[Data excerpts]
*** Begin section ***
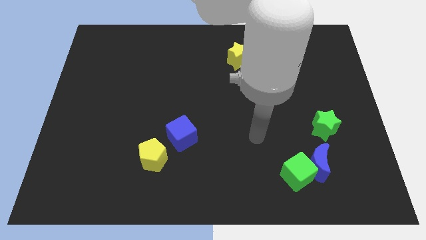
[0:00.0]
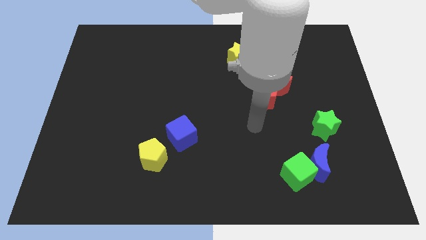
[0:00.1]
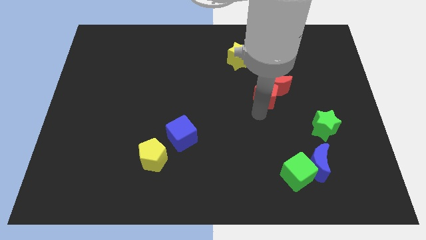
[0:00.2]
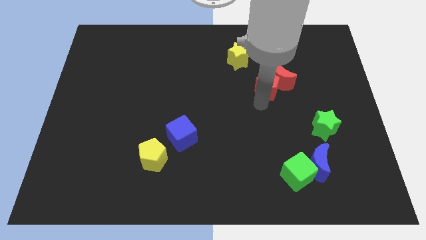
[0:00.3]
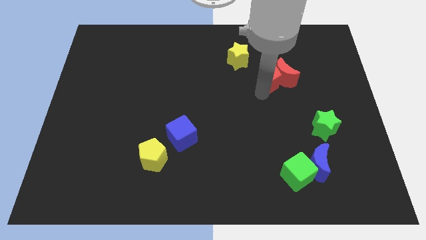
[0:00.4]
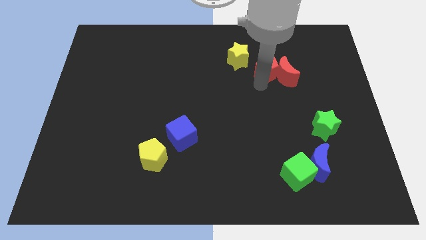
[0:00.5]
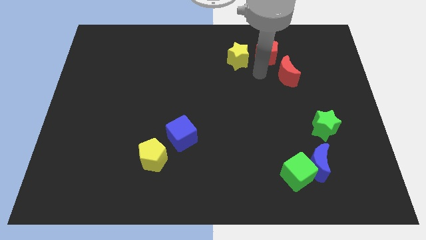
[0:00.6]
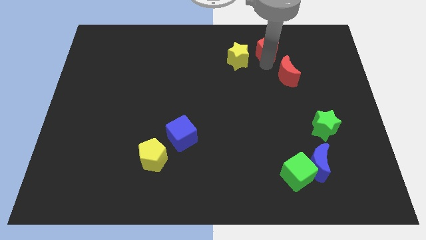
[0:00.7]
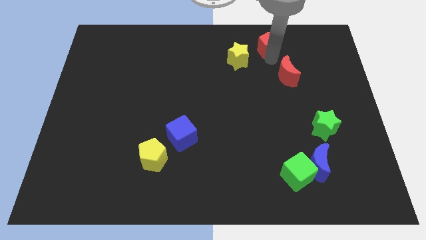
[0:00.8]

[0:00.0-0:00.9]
move the red moon away from the red pentagon
*** End section ***
WORK REQUEST: Copy every entry above exactly as it stands, but leave the pictures out.

RESULT OF THIS EXERCISE:
[0:00.0]
[0:00.1]
[0:00.2]
[0:00.3]
[0:00.4]
[0:00.5]
[0:00.6]
[0:00.7]
[0:00.8]

[0:00.0-0:00.9]
move the red moon away from the red pentagon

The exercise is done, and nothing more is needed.